(Collection entries)
'''

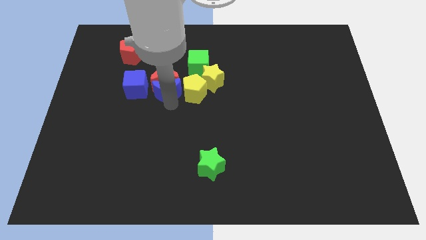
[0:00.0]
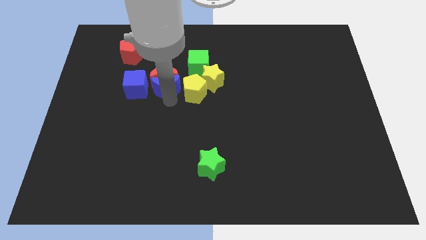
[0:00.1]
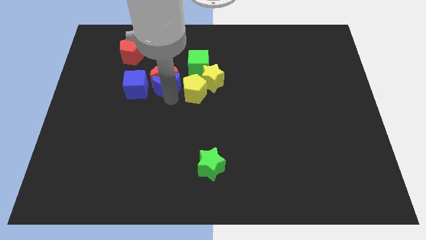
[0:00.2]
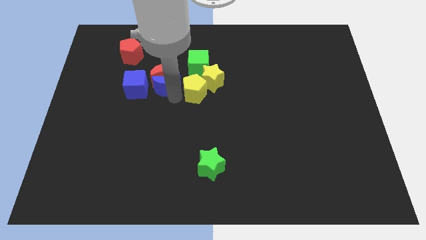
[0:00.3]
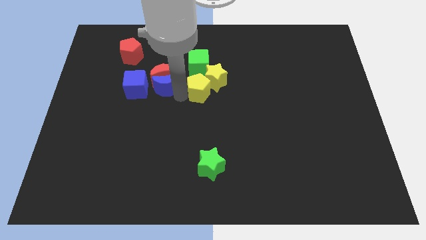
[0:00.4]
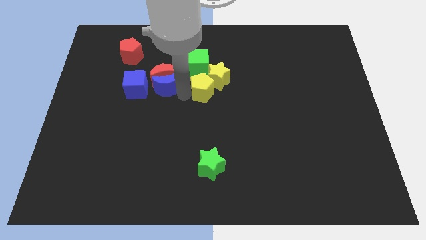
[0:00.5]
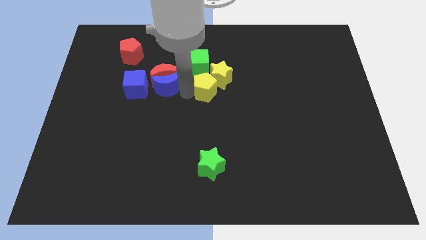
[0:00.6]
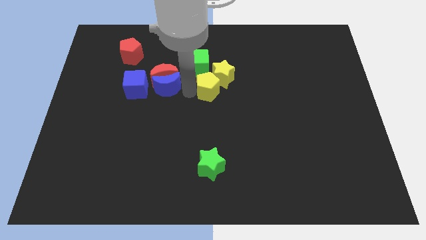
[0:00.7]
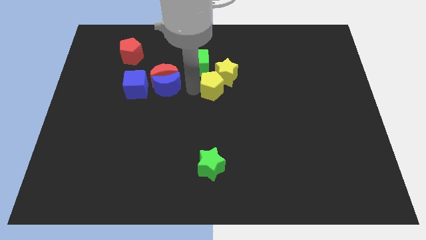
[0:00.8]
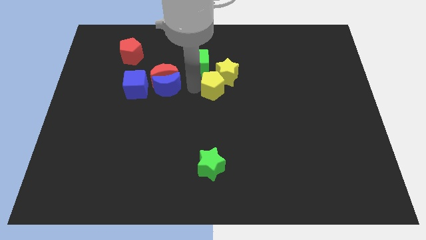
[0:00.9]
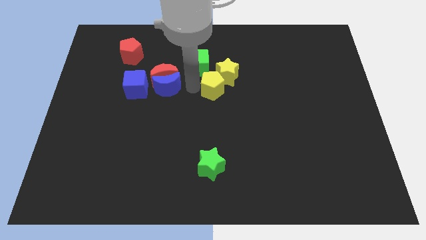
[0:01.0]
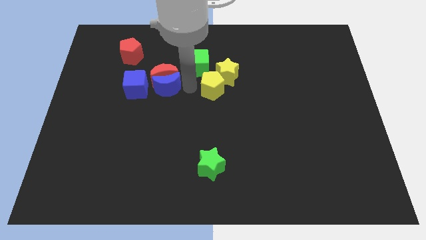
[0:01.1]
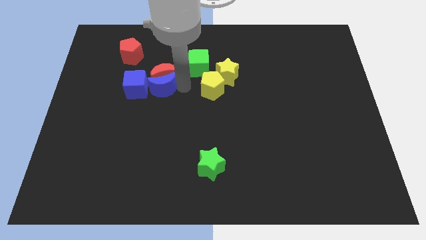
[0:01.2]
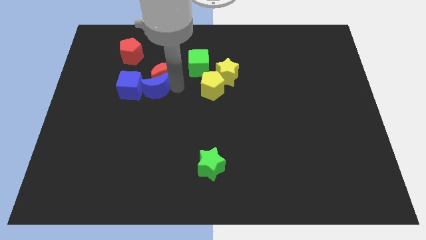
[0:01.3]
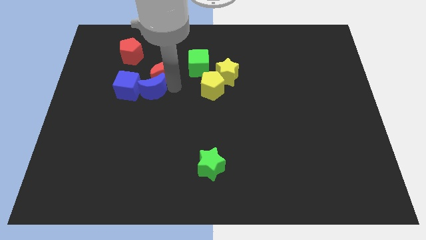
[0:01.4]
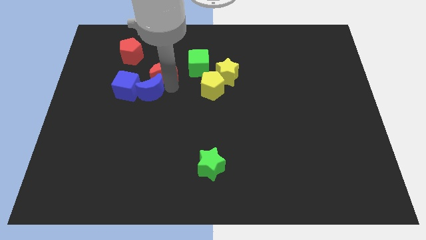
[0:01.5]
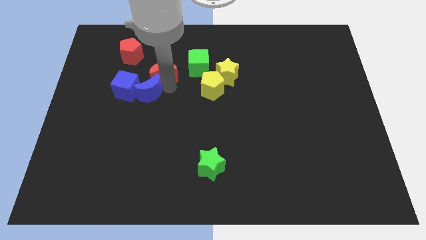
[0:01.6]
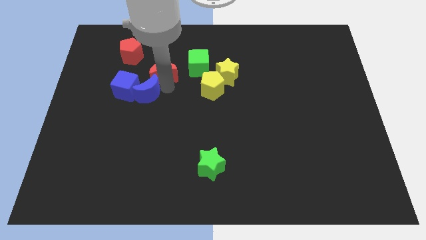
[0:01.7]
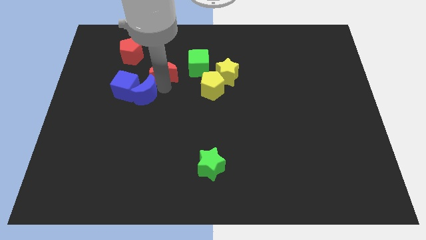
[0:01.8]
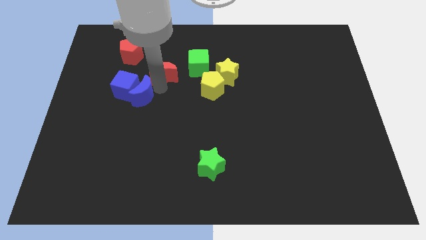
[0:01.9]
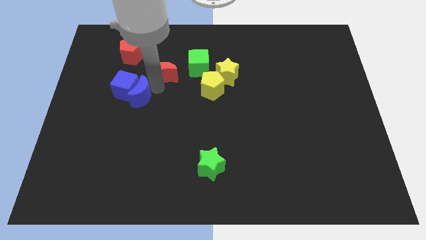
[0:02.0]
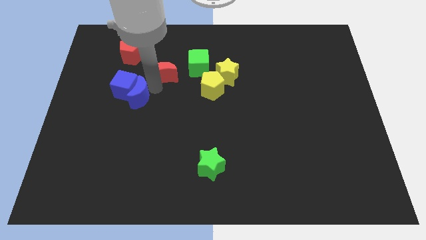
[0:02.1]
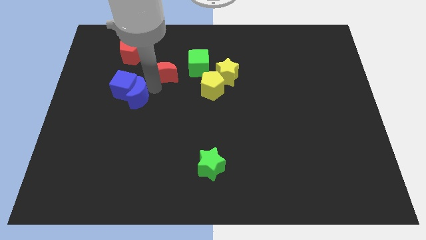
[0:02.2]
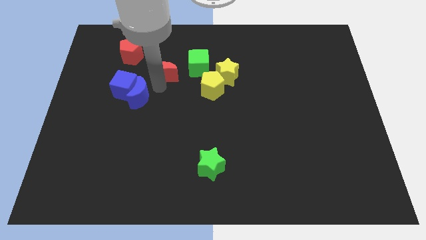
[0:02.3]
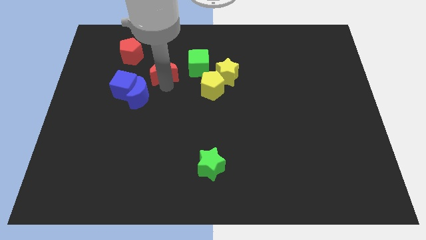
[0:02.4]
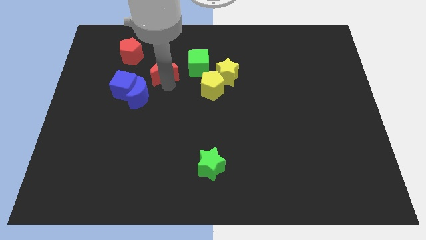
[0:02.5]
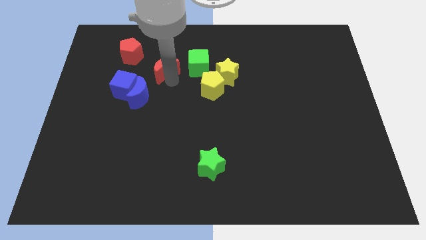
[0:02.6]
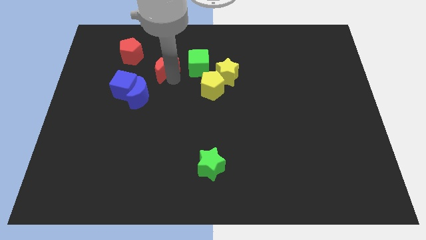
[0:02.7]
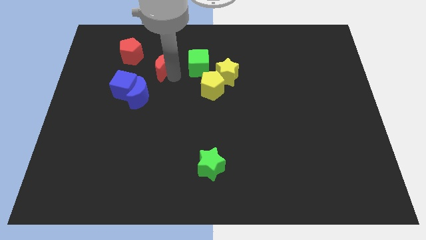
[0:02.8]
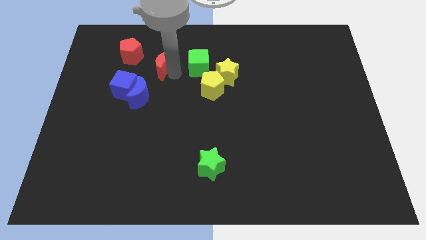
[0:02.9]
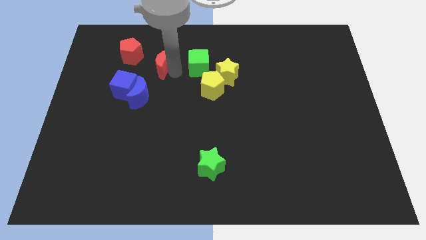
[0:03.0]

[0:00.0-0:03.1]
slightly move the red moon up

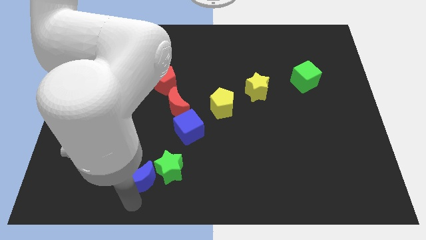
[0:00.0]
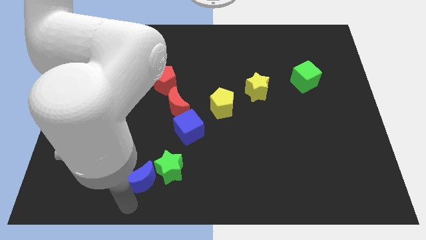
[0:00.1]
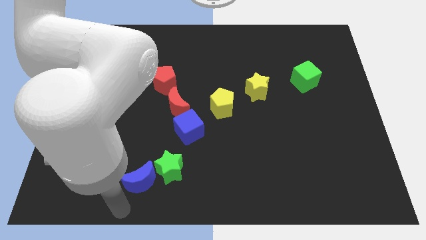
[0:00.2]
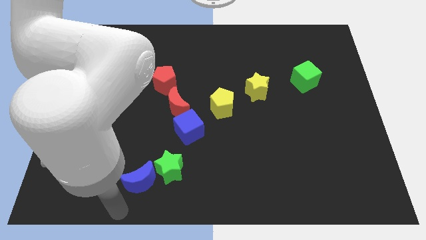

'''

- [GOAL OF THE EXERCISE]: The records above need to be restated word for word, with the pictures left out.

- [RESPONSE BOX]:
[0:00.0]
[0:00.1]
[0:00.2]
[0:00.3]
[0:00.4]
[0:00.5]
[0:00.6]
[0:00.7]
[0:00.8]
[0:00.9]
[0:01.0]
[0:01.1]
[0:01.2]
[0:01.3]
[0:01.4]
[0:01.5]
[0:01.6]
[0:01.7]
[0:01.8]
[0:01.9]
[0:02.0]
[0:02.1]
[0:02.2]
[0:02.3]
[0:02.4]
[0:02.5]
[0:02.6]
[0:02.7]
[0:02.8]
[0:02.9]
[0:03.0]

[0:00.0-0:03.1]
slightly move the red moon up

[0:00.0]
[0:00.1]
[0:00.2]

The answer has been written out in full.